Nadi NAH-dee (Balinese) v. Rheingold again: “To temporarily inhabit another dimension. … If you know a thinker or an artist or an ‘absentminded professor’ who seems to be ‘in another world’ part of the time, don’t insult or disturb the entranced one: He or she may simply be in nadi.” I’m in nadi a lot; my mom used to complain that I was “always off in my own little world”. (How would I be in someone else’s little world?)

Ohrwurm OAR-vurm (German) n. Literally an earwig insect, refers figuratively to that song that gets stuck in your head, or a musical meme infecting a population that becomes a pop hit. I use the term “orhwurm obsession” to refer to that tune I put on repeat in my music player to fill my mental background and help me concentrate. Ohrwurm obsessions can last for days or weeks and then suddenly the song is tiresome and I must find a new one, and feel adrift until I have found one that fits.

Papierkrieg pah-PEER-kreeg (German) n. The annoyingly complicated bureaucratic paperwork required for making a complaint/ return/ insurance claim/ protesting a ticket/ petitioning for services, et cetera ad nauseam. Rheingold eloquently explains, “Papierkrieg is more deliberate than red tape. Bureaucracies produce red tape the way sawmills produce sawdust or cattle produce manure, as a natural and unwitting byproduct that has to be disposed of or waded through. Papierkrieg is a consciously created obstacle.”

Schlimmbesserung shlimm-BESS-air-ung (German) n. When “new and improved” isn’t: another one of those so-called “improvements” that really just make life more difficult and complicated; the bane of latent luddites everywhere.

Tartle TAR-tl (Scottish) v. To hesitate or be slow when recognising a person or thing. Those of us who are faceblind tartle a LOT.

10 Comments

  1. Anonymous said,

    8 February 2010 at 20:37

    Here’s another fun concept: Concorde Syndrome. This refers to the fact that the driver of a vehicle is the one least bothered by the noise made by the vehicle. The name is derived from the now-retired Concorde double-sonic airliner, one of the loudest vehicles ever made. If you were to take off from O’Hare Field piloting one, you wouldn’t be bothered by the noise but you could wake up whole suburbs!

  2. 15 October 2009 at 23:34

    […] What’s your least favorite Ohrwurm?  (song that gets stuck in your […]

  3. 9 August 2008 at 5:08

    […] ahead for a script to use sometime again soon, because like many people I suffer terribly from l’Esprit de l’escalier, and can never think of the bon mot or good retort or thought-provoking reply until the moment has […]

  4. 12 April 2008 at 0:51

    Meillä on tommosii yhdys-sanoja suomen kielessä, niin kuin valkosipuli.

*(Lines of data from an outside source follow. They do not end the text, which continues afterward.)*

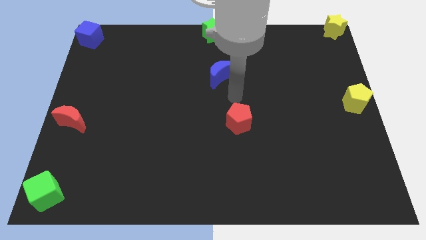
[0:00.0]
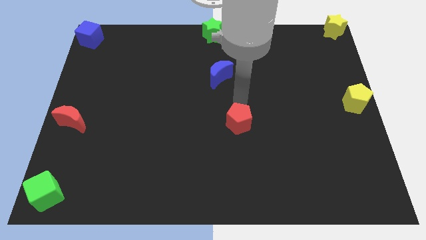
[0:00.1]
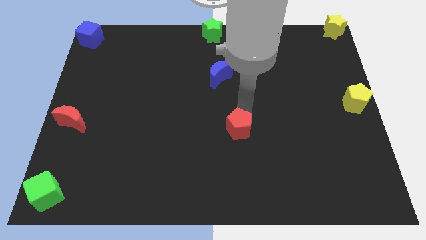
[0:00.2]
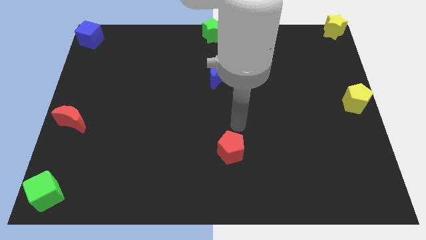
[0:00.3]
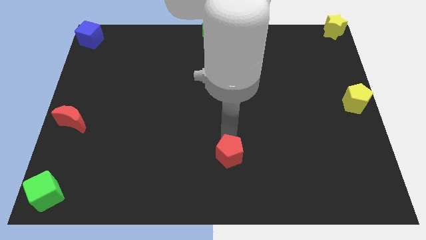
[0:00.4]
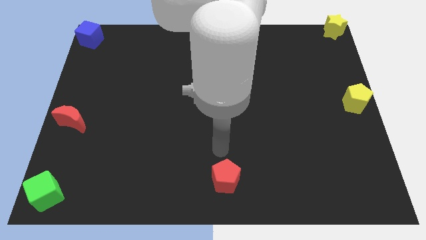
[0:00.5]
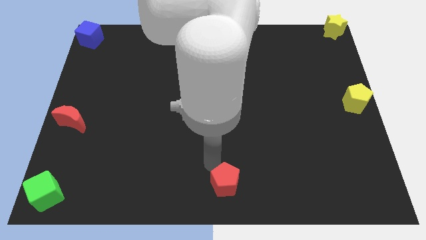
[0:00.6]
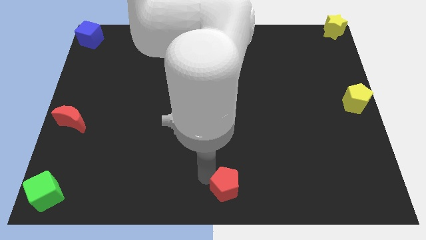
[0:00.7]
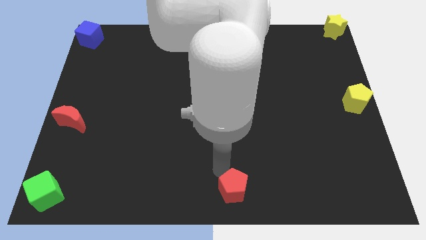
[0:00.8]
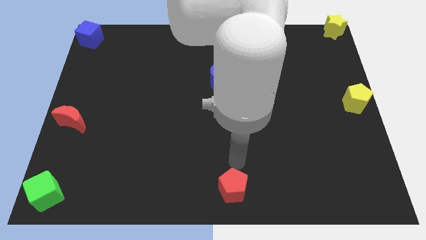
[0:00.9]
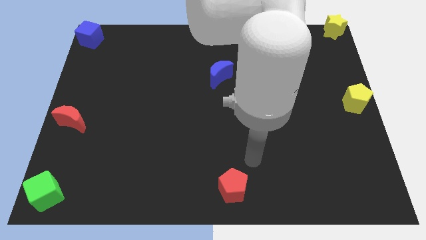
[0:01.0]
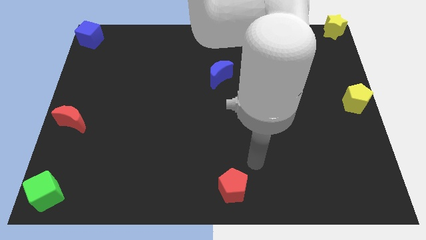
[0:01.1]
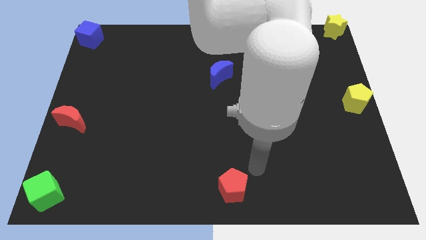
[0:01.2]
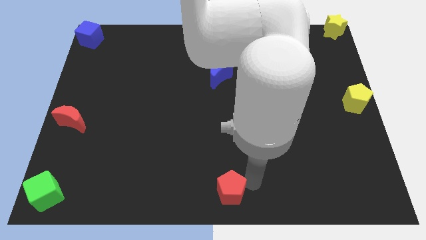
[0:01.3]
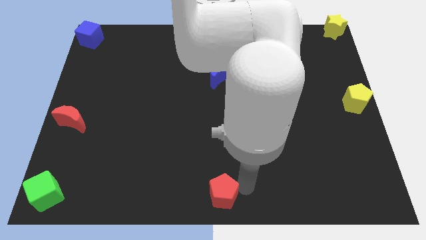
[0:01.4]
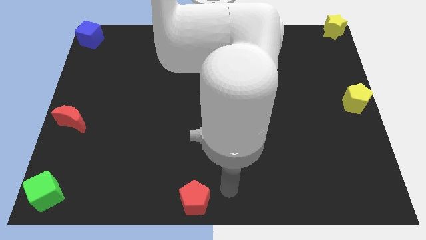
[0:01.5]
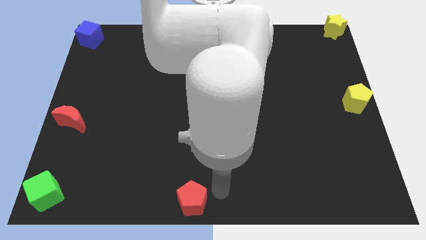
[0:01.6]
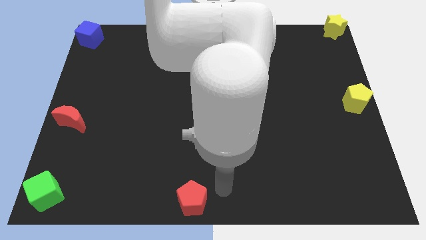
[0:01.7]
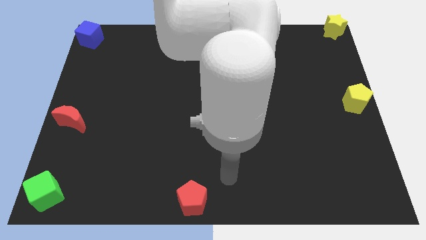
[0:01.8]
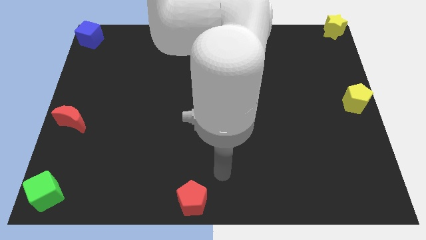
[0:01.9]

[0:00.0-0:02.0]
place the red pentagon into the bottom center

    We have those sorts of compound words in Finnish language, like garlic.

  5. Suzanne said,

    6 August 2007 at 15:12

    I think my Mom needs this book as well. My Frau-Professorin hated when I strung words together. It just seems so natural auf Deutsch.

  6. Bev said,

    6 August 2007 at 2:45

    Compound? Yes, I think I’ve heard that one before…Perhaps I was in nardi for a moment or tartled in remembering.

  7. qw88nb88 said,

    6 August 2007 at 2:35

    Well Bev, in English the term is “compound word” (e.g. roadbed). The first chemists were German, which is why we have these incredibly long compound chemical names, like paradichlorobenzene (that’s the stuff in mothballs — another compound word).

  8. Bev said,

    6 August 2007 at 2:07

    You’ve sold a book! I love the way words are built in the German language. What’s the word for that, I wonder, stickingwordsyoualreadyhavetogether?

    • Katharina said,

      8 February 2011 at 12:28

      Ironically, German doesn’t have a word for compound words. It’s ‘zusammengesetzte Wörter’, which is, since it’s two words, obviously a waste of space between words (Wortzwischenraumverschwendung).

  9. Suzanne said,

    6 August 2007 at 1:43

    Bricoleur That’d be me. There were a Lot of them I did know I needed. thanks. One comments. heee heee.